§ **Material shown**:
_ _ _

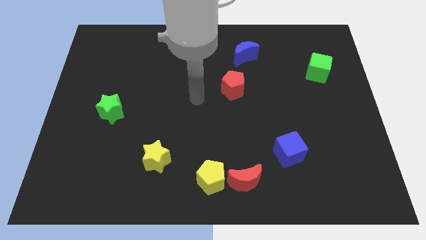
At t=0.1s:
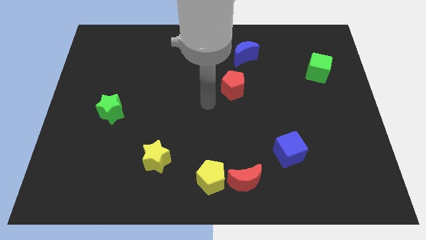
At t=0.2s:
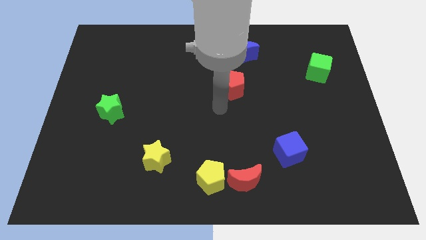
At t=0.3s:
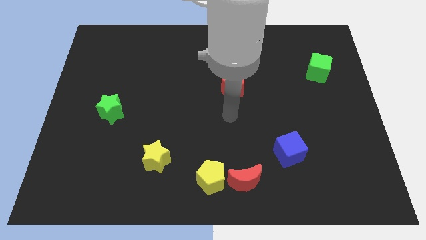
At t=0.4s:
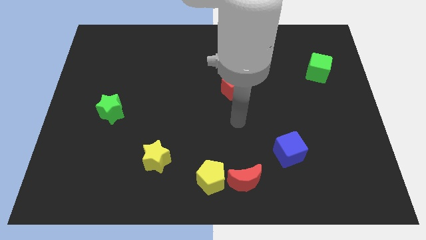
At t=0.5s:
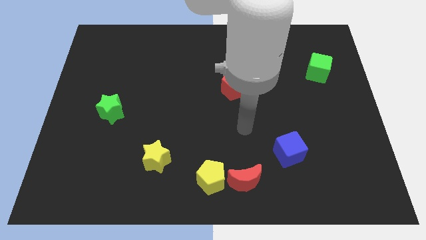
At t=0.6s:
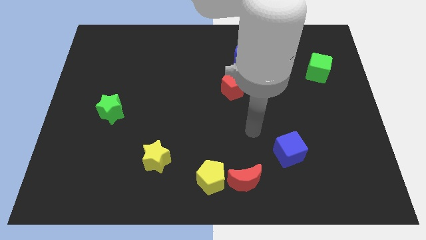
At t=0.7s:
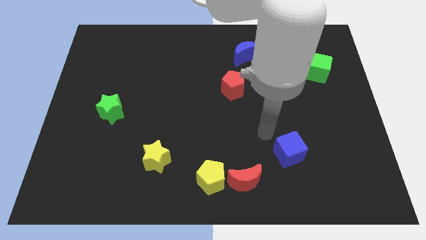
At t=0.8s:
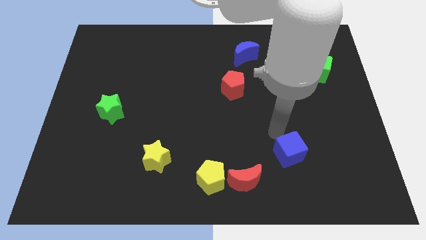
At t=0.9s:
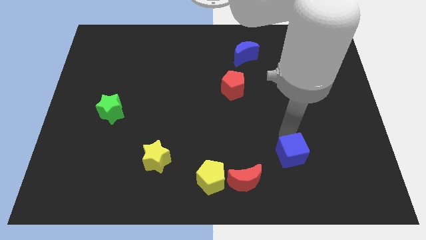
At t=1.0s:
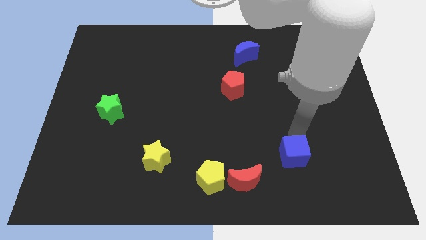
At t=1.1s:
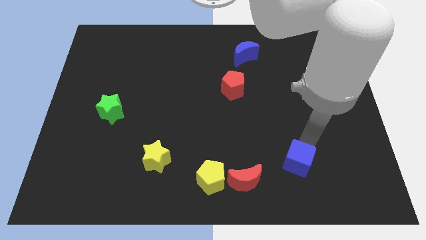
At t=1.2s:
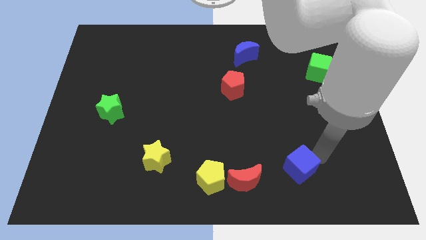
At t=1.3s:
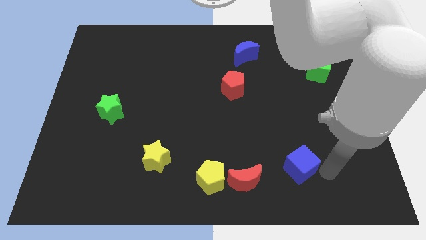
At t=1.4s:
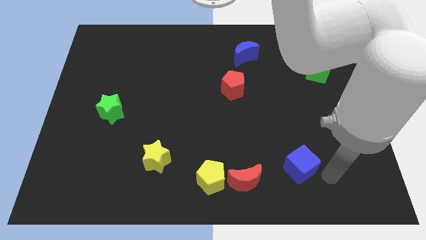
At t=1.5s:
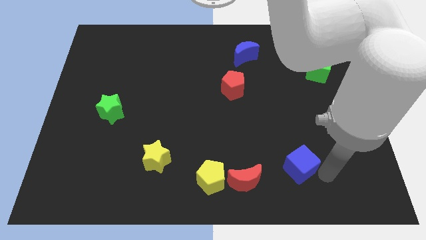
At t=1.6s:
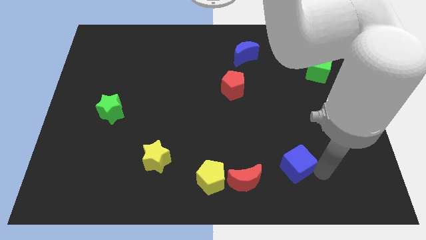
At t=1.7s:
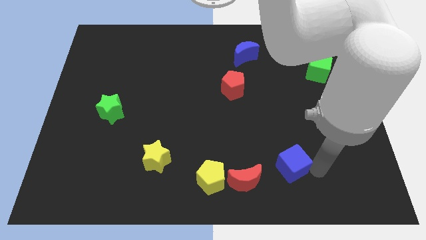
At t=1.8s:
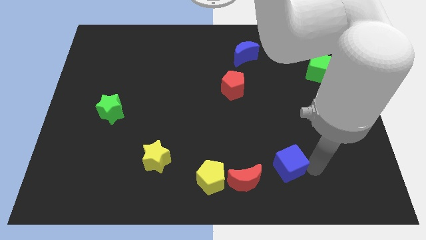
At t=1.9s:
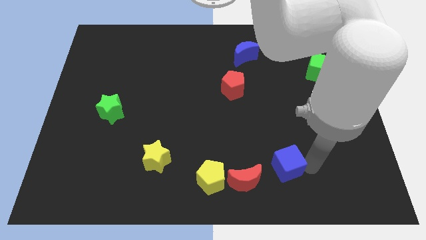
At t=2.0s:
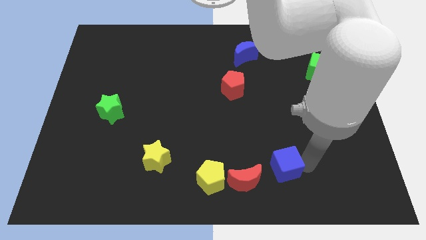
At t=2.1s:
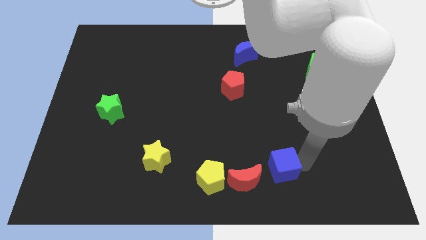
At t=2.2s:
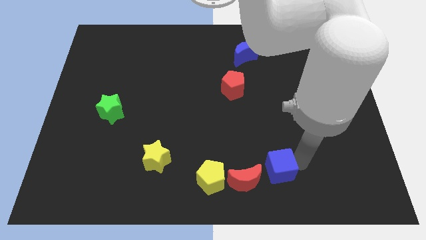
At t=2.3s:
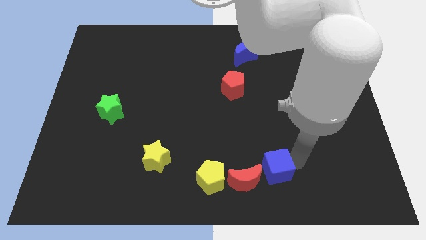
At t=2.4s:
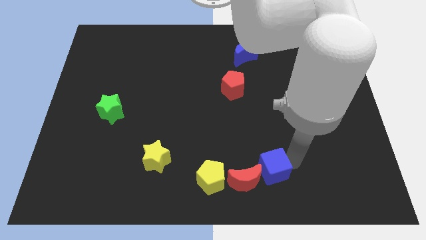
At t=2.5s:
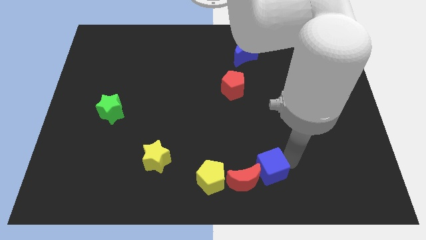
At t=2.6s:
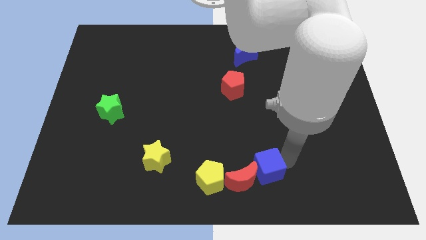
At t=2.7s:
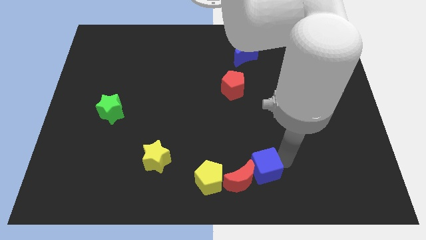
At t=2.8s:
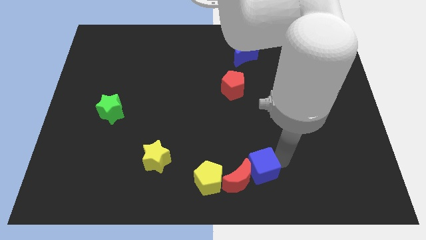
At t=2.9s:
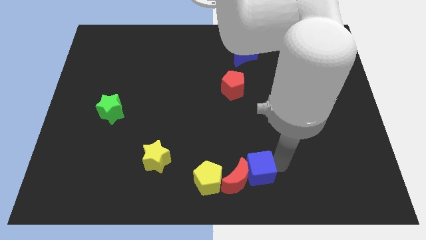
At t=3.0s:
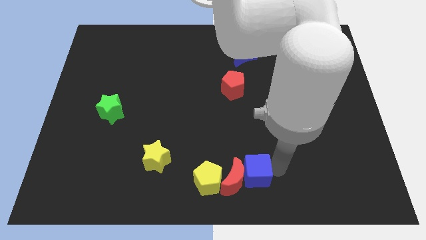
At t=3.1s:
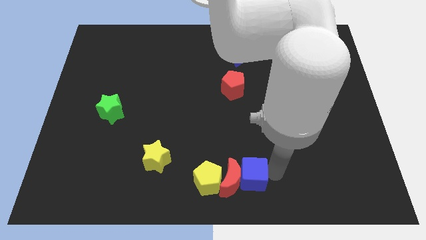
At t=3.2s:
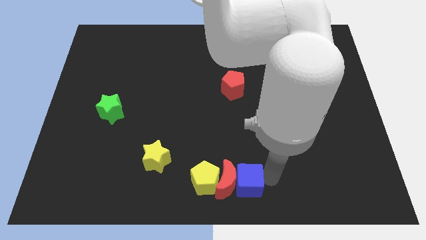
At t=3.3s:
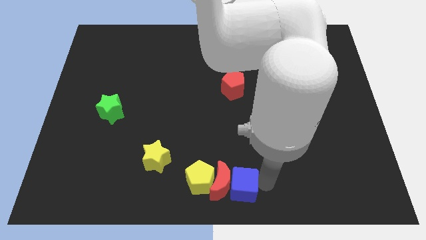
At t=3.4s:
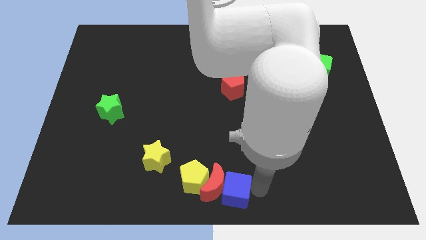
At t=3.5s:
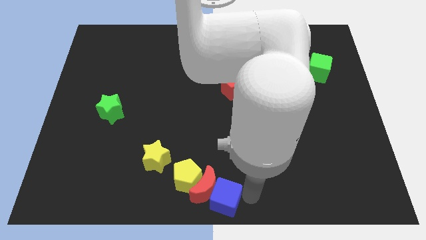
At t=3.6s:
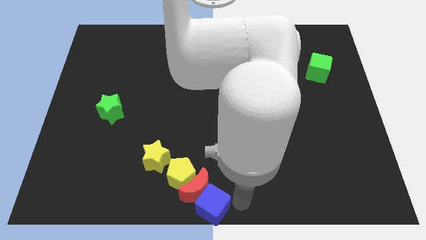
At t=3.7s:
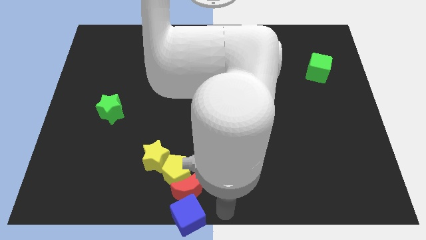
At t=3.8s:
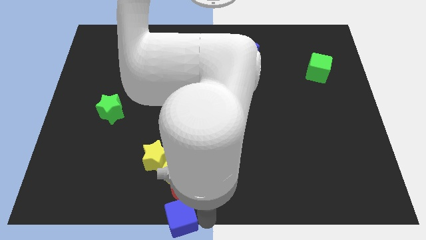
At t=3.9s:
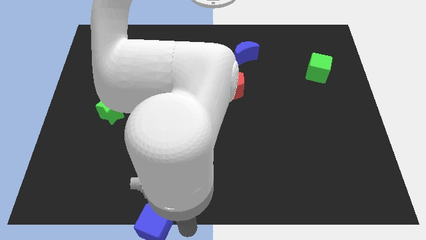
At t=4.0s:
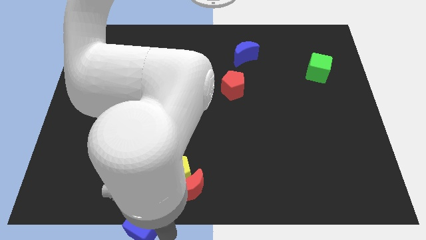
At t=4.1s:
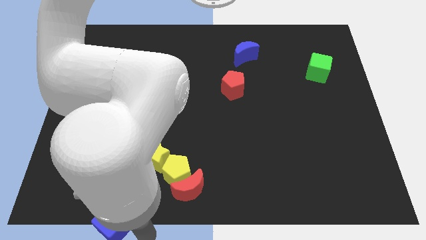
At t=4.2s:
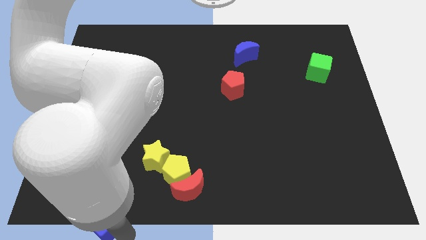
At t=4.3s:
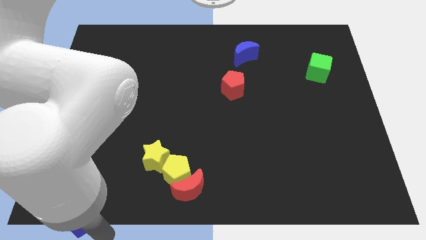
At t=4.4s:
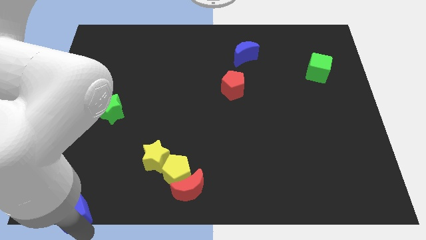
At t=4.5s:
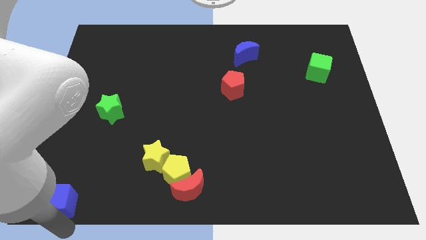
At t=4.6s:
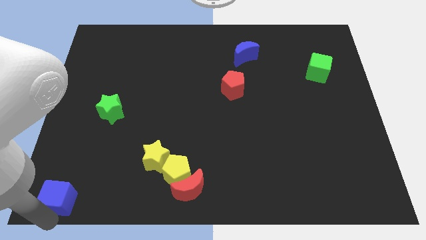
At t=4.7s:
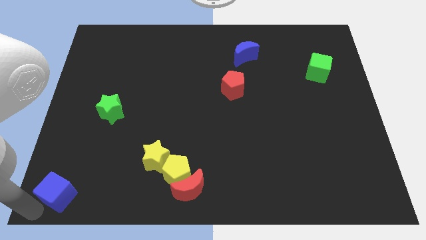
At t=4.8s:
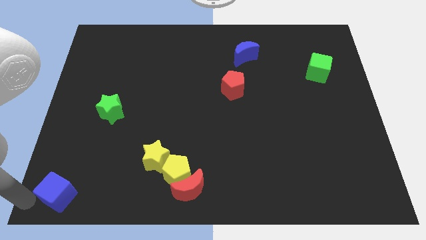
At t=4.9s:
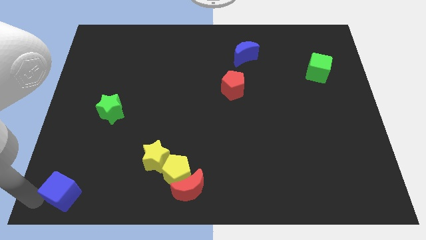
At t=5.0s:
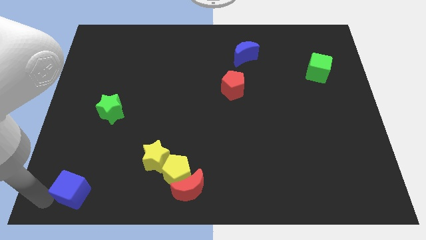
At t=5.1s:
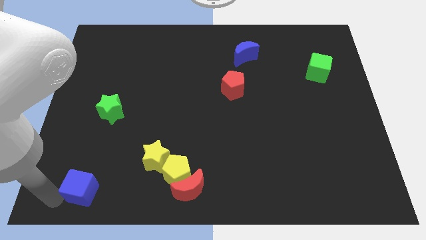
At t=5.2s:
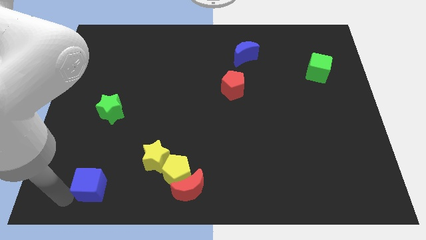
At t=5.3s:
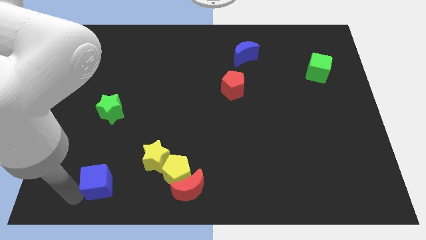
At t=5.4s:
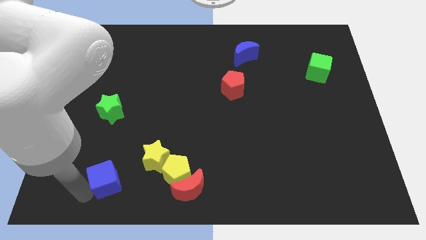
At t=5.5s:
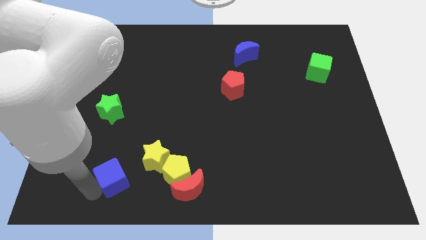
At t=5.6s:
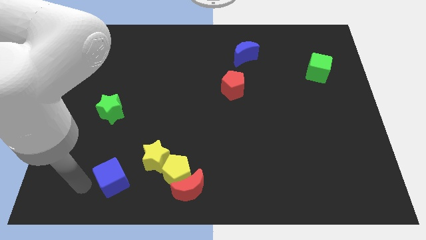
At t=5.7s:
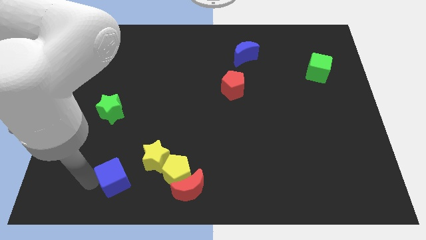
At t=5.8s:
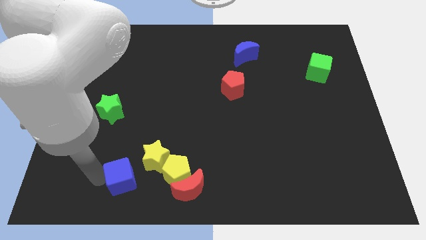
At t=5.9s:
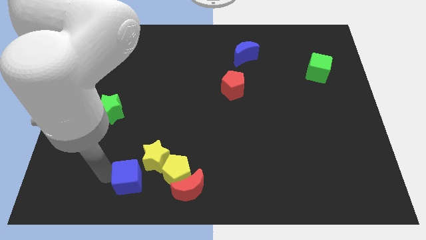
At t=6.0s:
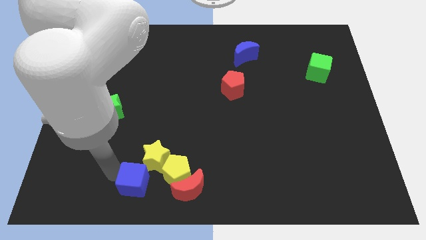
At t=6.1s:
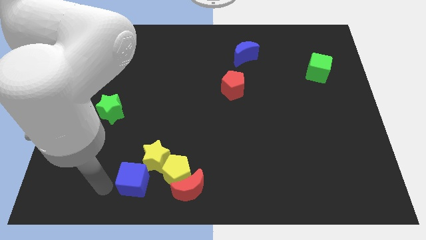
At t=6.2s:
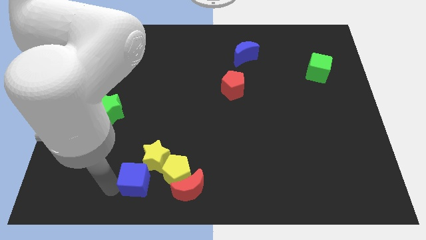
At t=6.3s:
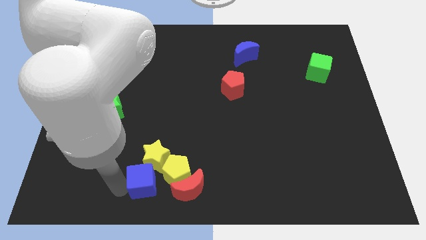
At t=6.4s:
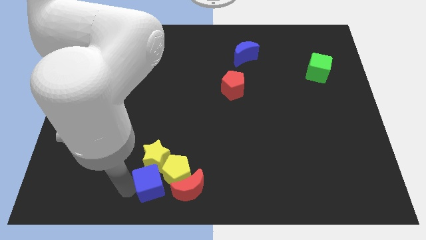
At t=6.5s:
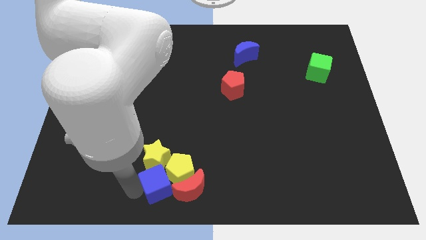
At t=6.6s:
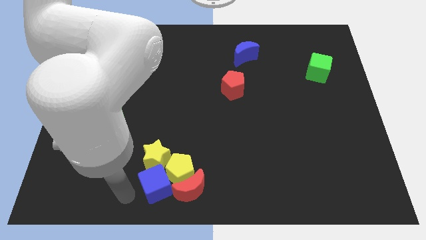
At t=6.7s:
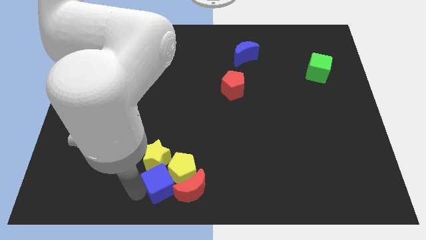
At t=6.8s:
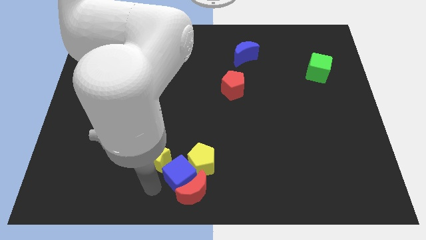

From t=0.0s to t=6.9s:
put the blue cube right of the yellow star

_ _ _

§ **Task item**: Reproduce each entry exactly, without the pictures.

§ **Solved problem**:
At t=0.1s:
At t=0.2s:
At t=0.3s:
At t=0.4s:
At t=0.5s:
At t=0.6s:
At t=0.7s:
At t=0.8s:
At t=0.9s:
At t=1.0s:
At t=1.1s:
At t=1.2s:
At t=1.3s:
At t=1.4s:
At t=1.5s:
At t=1.6s:
At t=1.7s:
At t=1.8s:
At t=1.9s:
At t=2.0s:
At t=2.1s:
At t=2.2s:
At t=2.3s:
At t=2.4s:
At t=2.5s:
At t=2.6s:
At t=2.7s:
At t=2.8s:
At t=2.9s:
At t=3.0s:
At t=3.1s:
At t=3.2s:
At t=3.3s:
At t=3.4s:
At t=3.5s:
At t=3.6s:
At t=3.7s:
At t=3.8s:
At t=3.9s:
At t=4.0s:
At t=4.1s:
At t=4.2s:
At t=4.3s:
At t=4.4s:
At t=4.5s:
At t=4.6s:
At t=4.7s:
At t=4.8s:
At t=4.9s:
At t=5.0s:
At t=5.1s:
At t=5.2s:
At t=5.3s:
At t=5.4s:
At t=5.5s:
At t=5.6s:
At t=5.7s:
At t=5.8s:
At t=5.9s:
At t=6.0s:
At t=6.1s:
At t=6.2s:
At t=6.3s:
At t=6.4s:
At t=6.5s:
At t=6.6s:
At t=6.7s:
At t=6.8s:

From t=0.0s to t=6.9s:
put the blue cube right of the yellow star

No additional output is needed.